*This is going to be one of those superficial, navel-gazing-adjacent blog posts...trigger warning (and, yes, I acknowledge that hair journeys are often synonymous with embracing natural hair textures, and I am not being tone-deaf or trying to appropriate).
Yesterday, I got my hair cut. It's a drastic change, as I have never really ventured above the chin-length since childhood. In third grade, I remember chasing one of my friends on the playground, envious of her Pippy Longstocking style braids. My hair was never long enough to braid. My parents were pragmatic, and I was a wild child, I would never sit still long enough to have my hair "done," so they would keep it short (as my dad was an artist, he could see a straight line, and would cut it himself).
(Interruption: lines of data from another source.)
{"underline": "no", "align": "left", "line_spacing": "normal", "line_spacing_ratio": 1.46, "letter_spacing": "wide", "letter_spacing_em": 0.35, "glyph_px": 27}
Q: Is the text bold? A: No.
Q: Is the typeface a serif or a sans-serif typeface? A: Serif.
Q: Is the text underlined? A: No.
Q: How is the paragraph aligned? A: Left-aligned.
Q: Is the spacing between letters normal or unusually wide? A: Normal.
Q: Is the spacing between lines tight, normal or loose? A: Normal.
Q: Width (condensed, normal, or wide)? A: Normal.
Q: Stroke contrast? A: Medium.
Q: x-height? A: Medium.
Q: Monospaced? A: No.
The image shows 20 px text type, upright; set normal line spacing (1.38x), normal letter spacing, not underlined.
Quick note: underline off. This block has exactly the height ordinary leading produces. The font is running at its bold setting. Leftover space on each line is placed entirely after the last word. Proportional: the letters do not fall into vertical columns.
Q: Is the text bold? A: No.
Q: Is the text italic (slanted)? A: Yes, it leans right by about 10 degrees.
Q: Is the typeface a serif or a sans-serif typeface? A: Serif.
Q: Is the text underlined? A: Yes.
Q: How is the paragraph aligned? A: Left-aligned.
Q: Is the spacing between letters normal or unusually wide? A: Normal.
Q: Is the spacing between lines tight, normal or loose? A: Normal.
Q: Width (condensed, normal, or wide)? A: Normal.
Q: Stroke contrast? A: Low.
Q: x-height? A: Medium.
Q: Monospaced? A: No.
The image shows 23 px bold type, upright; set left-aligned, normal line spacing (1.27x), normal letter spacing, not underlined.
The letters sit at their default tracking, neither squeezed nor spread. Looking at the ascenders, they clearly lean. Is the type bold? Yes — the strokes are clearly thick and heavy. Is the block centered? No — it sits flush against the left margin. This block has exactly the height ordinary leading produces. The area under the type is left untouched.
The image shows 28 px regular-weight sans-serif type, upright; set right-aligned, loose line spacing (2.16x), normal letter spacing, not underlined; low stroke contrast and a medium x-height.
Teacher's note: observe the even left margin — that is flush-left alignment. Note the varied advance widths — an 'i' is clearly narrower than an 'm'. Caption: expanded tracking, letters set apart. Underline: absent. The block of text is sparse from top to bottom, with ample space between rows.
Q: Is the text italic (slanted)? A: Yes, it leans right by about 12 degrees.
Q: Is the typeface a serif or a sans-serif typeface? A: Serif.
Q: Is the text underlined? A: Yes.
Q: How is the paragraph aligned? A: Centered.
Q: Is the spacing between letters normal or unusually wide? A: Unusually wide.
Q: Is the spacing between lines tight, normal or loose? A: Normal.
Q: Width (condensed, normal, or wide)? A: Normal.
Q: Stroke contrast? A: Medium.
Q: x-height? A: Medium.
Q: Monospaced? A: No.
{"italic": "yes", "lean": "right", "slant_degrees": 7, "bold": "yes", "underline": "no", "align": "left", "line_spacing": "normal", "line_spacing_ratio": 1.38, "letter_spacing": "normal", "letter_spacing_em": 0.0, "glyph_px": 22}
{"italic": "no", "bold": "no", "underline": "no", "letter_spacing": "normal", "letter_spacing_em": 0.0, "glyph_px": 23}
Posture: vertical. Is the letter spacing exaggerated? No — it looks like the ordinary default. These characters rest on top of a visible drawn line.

All throughout high school and college, I competed in sports, so I needed to be able to put my hair in a ponytail. I grew my hair long enough so that I could easily pull it back. I never thought to try a short style, it would be impractical for my day-to-day. Sure, I got many ill-advised layers, but altogether, my hair was always collarbone-to-just-below-the-boob length.
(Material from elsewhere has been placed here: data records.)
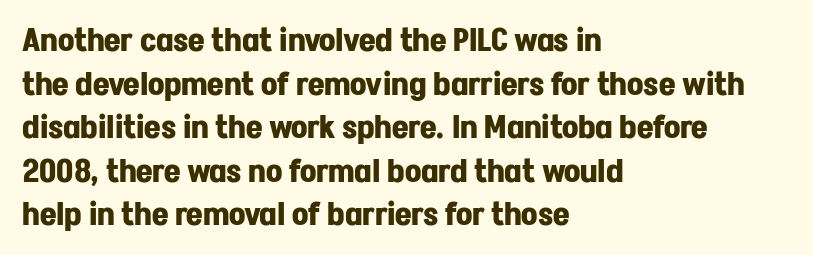
Q: Is the text bold? A: Yes.
Q: Is the text italic (slanted)? A: No, it is upright.
Q: Is the typeface a serif or a sans-serif typeface? A: Sans-serif.
Q: Is the text underlined? A: No.
Q: How is the paragraph aligned? A: Left-aligned.
Q: Is the spacing between letters normal or unusually wide? A: Normal.
Q: Is the spacing between lines tight, normal or loose? A: Normal.
Q: Width (condensed, normal, or wide)? A: Normal.
Q: Stroke contrast? A: Low.
Q: x-height? A: Medium.
Q: Monospaced? A: No.
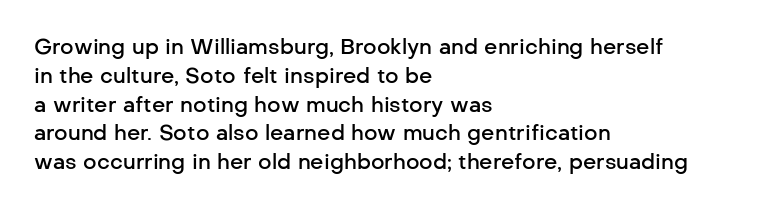
{"italic": "no", "bold": "semi", "underline": "no", "align": "left", "line_spacing": "normal", "line_spacing_ratio": 1.37, "letter_spacing": "normal", "letter_spacing_em": 0.0, "glyph_px": 21}
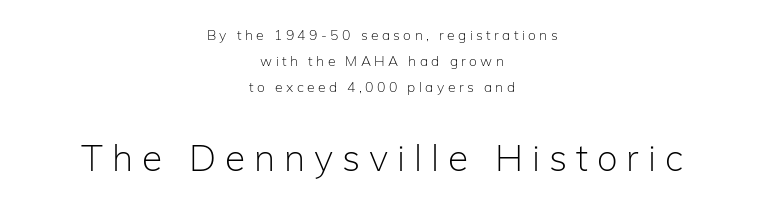
The image shows 37 px light sans-serif type, upright; set centered, line spacing 1.86x, unusually wide letter spacing (+0.24 em), not underlined; the second (bottom) block is 2.64x larger; low stroke contrast and a medium x-height.
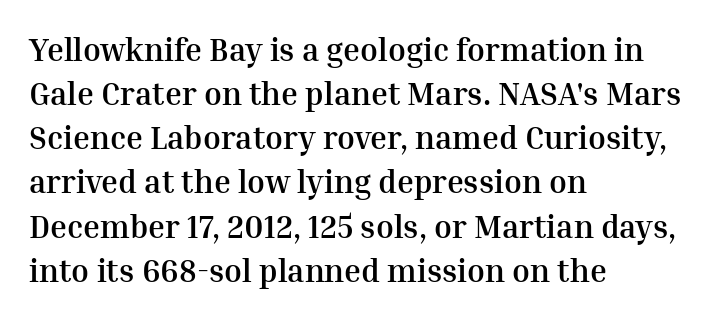
Q: Is the text bold? A: Yes.
Q: Is the text italic (slanted)? A: No, it is upright.
Q: Is the typeface a serif or a sans-serif typeface? A: Serif.
Q: Is the text underlined? A: No.
Q: How is the paragraph aligned? A: Left-aligned.
Q: Is the spacing between letters normal or unusually wide? A: Normal.
Q: Is the spacing between lines tight, normal or loose? A: Normal.
Q: Width (condensed, normal, or wide)? A: Normal.
Q: Stroke contrast? A: Medium.
Q: x-height? A: Medium.
Q: Monospaced? A: No.

Post-college, I wanted to grow it out, see how long it could go before I was tempted to have it cut yet again. I grew it about halfway down my back before realizing that getting hair in my food was a nuisance, and it was too long to wear down (especially in the summer).
This past weekend, I attended a friend's wedding and in the pictures I felt like my hair just wasn't doing anything for me. I wanted a change (I know many other women that get this same urge to chop post-breakup). However, when discussing this with another friend (who was completely encouraging about taking the leap to lob/bob) I realized that part of the reason I wanted to keep my hair long(ish) was to rebel against the notion that "professional" women can't have long hair (though I would call myself professional-adjacent). Growing up, though I had super short hair, the doctor at my mom's workplace had hair down to her butt. She would wear it pinned into a bun, but occasionally, she would adjust the bun and give us all a glimpse of her undone hair. It was a sight to be seen, silver and gray cascading down, only to be meticulously twisted back into a bun. Even she knew that long hair couldn't be worn down in the workplace, that she had to keep a "professional" appearance (see Professor McGonagall in the Harry Potter books; coincidence she only "lets her hair down" for the Yule Ball?)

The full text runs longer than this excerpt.